**Work instruction**
What lines below include the word "eidgen"? Copy each one.

======== Input ========

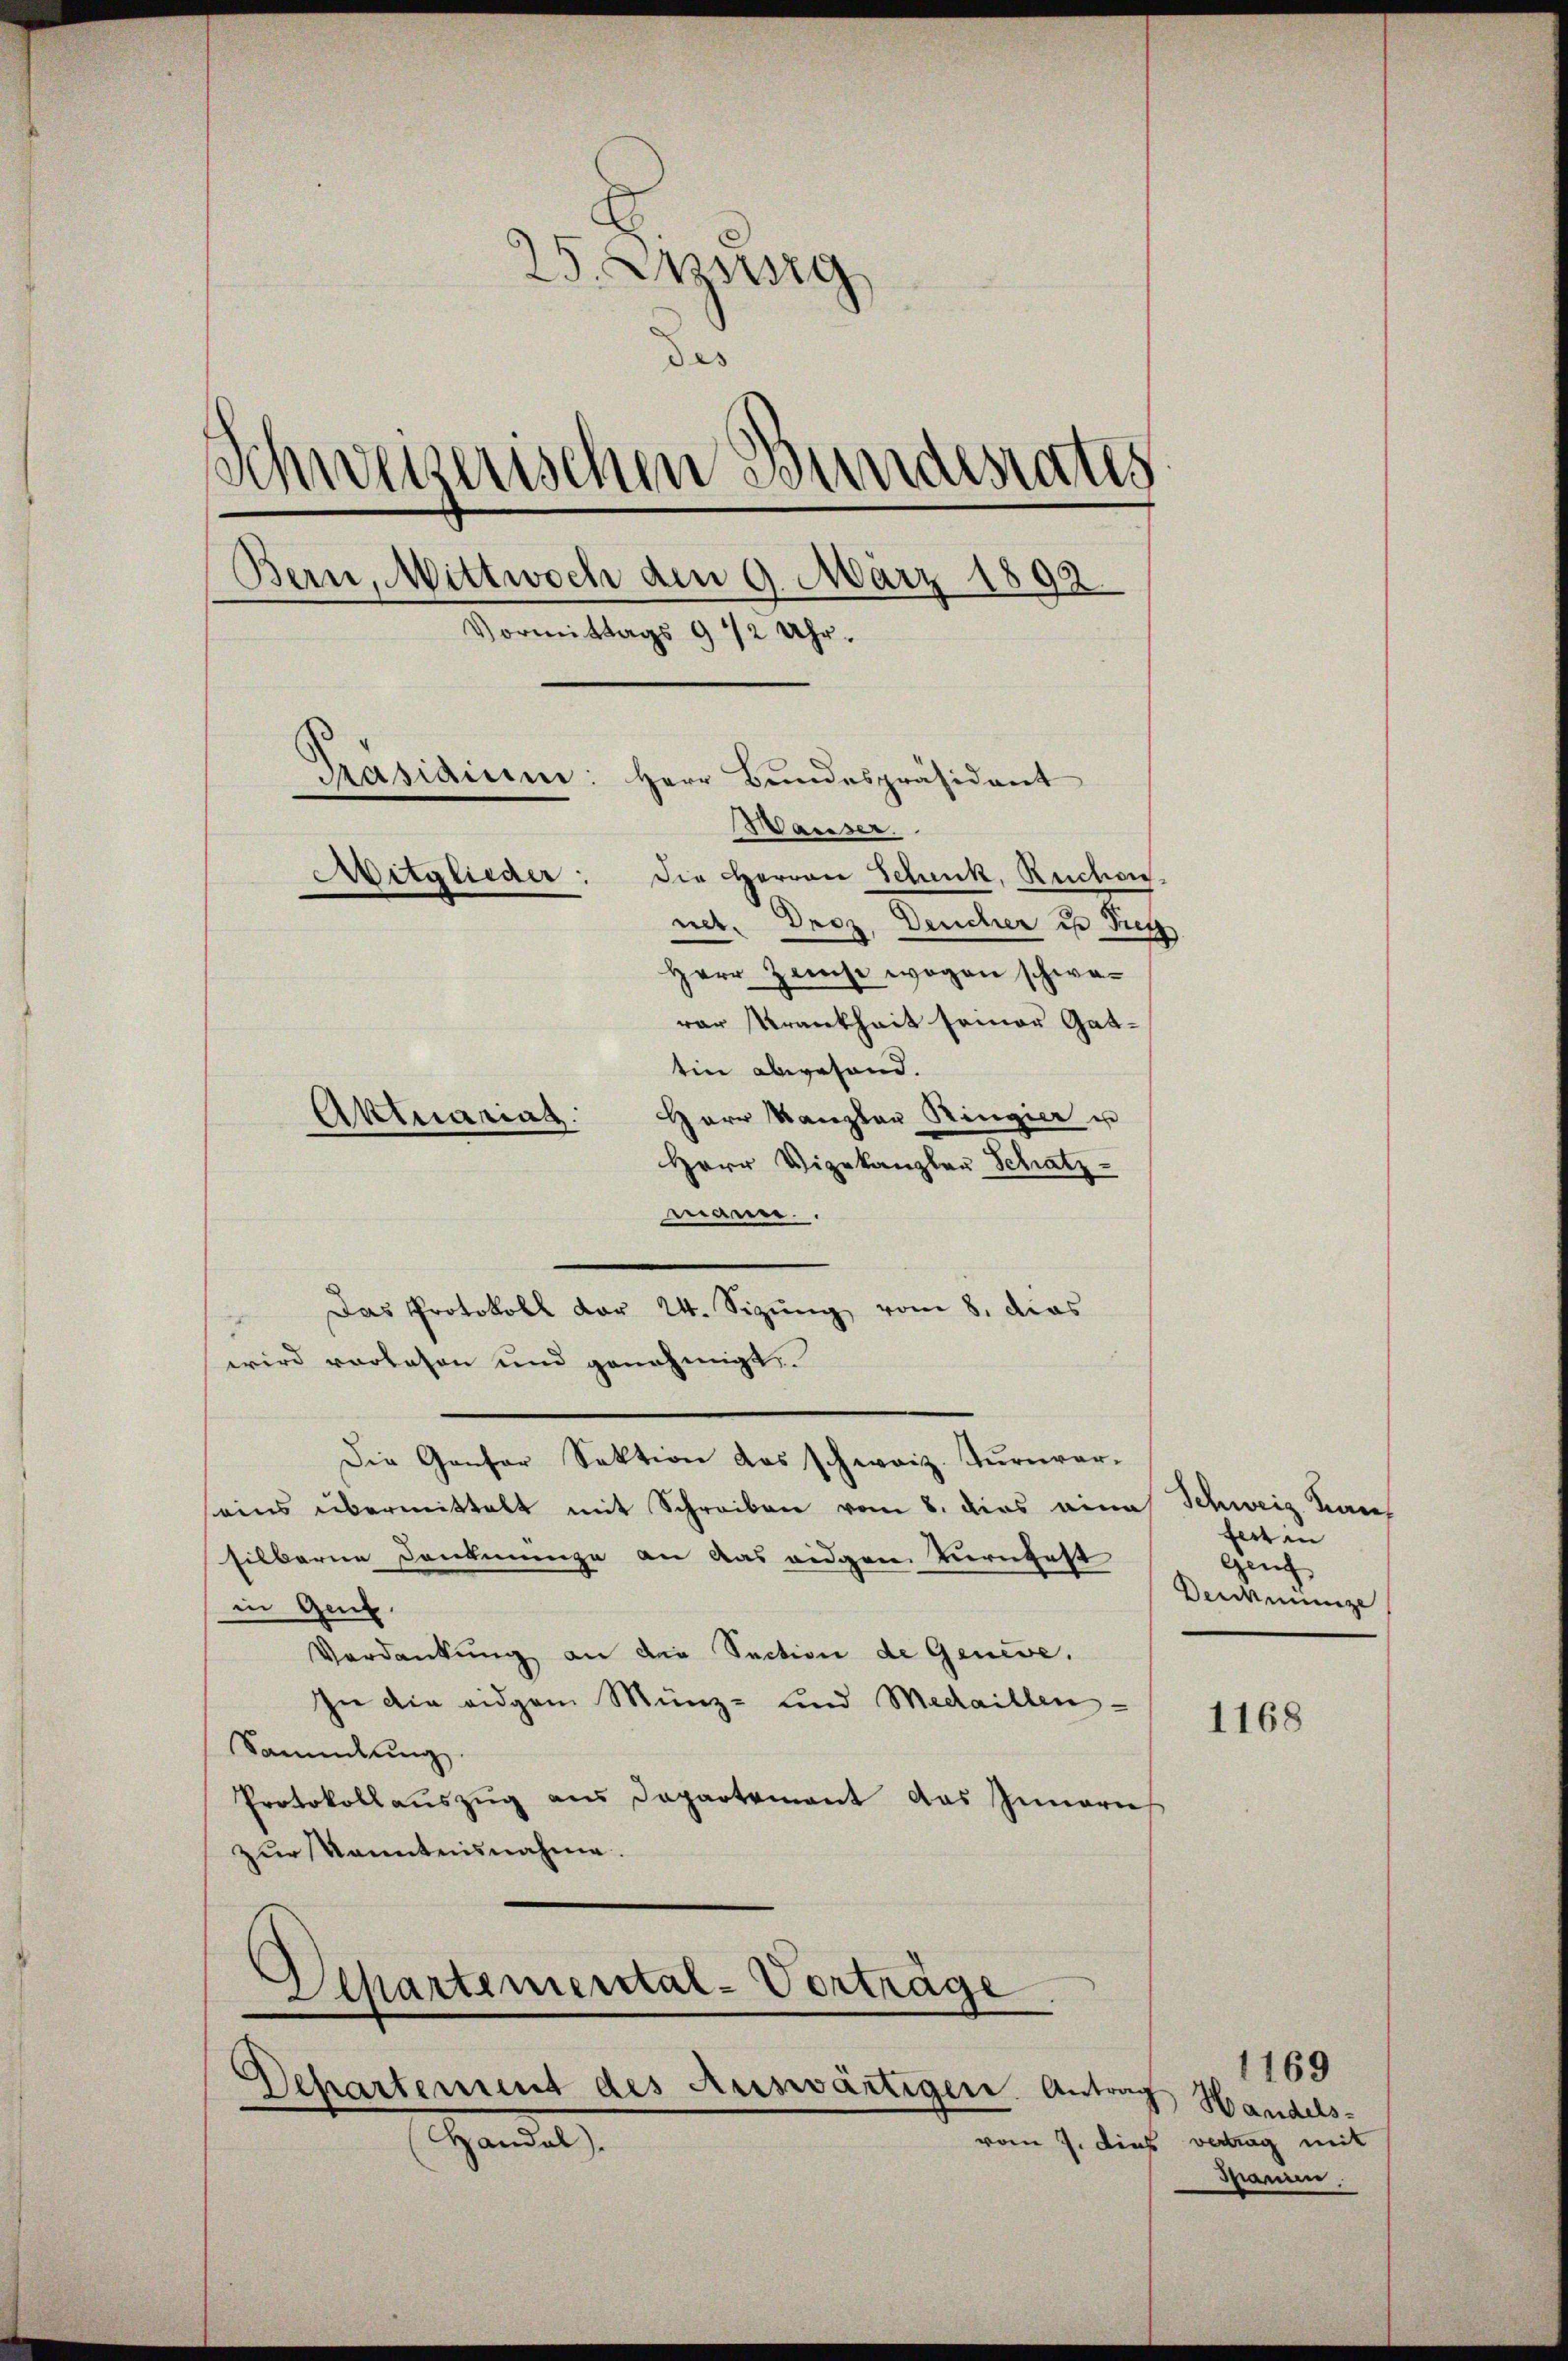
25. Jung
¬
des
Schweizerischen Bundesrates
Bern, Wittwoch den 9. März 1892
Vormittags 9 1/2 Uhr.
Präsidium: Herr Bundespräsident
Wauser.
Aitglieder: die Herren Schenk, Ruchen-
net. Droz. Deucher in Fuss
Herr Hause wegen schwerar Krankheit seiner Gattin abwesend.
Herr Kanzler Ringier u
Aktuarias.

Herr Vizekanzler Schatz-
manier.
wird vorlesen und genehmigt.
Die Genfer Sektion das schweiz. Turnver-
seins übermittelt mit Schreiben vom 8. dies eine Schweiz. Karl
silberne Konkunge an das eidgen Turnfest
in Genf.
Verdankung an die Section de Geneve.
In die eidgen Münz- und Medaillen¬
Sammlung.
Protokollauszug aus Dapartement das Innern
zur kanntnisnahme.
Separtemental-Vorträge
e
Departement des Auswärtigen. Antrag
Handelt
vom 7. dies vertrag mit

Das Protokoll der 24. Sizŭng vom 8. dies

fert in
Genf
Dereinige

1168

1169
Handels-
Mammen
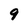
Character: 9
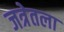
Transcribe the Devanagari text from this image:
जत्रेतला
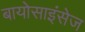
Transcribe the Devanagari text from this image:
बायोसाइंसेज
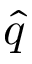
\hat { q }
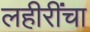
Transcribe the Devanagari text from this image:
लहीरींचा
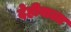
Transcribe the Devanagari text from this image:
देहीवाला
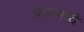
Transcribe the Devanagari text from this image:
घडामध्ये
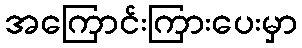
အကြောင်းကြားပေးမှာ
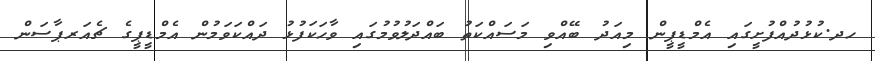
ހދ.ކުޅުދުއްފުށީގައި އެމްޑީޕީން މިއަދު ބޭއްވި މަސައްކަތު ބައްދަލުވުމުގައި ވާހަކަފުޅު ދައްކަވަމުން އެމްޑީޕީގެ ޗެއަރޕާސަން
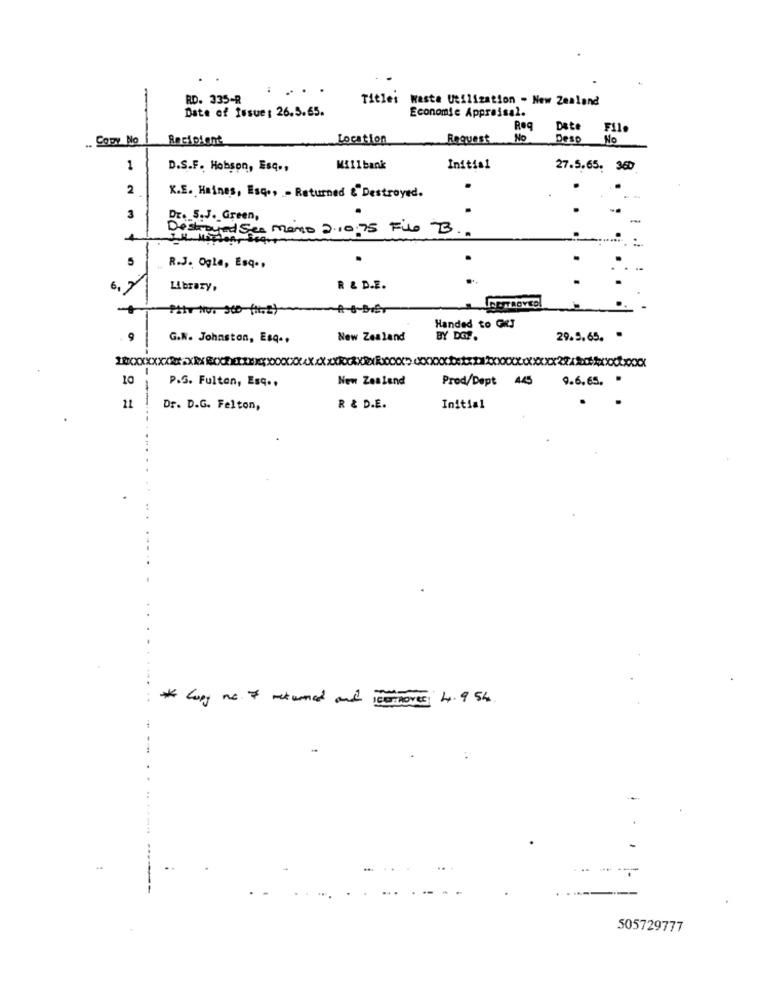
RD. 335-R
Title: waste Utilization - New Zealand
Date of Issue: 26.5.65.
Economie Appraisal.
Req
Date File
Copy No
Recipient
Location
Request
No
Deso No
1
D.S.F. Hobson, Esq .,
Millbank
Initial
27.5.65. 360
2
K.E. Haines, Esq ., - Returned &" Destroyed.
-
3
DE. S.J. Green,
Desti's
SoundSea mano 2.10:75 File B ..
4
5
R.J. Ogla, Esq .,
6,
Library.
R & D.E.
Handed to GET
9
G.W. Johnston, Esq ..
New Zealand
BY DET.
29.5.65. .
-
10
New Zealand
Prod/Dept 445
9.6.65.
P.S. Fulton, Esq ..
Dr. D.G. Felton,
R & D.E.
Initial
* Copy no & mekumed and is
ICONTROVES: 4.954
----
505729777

========

**Response to this exercise**
silberne Konkunge an das eidgen Turnfest
In die eidgen Münz- und Medaillen¬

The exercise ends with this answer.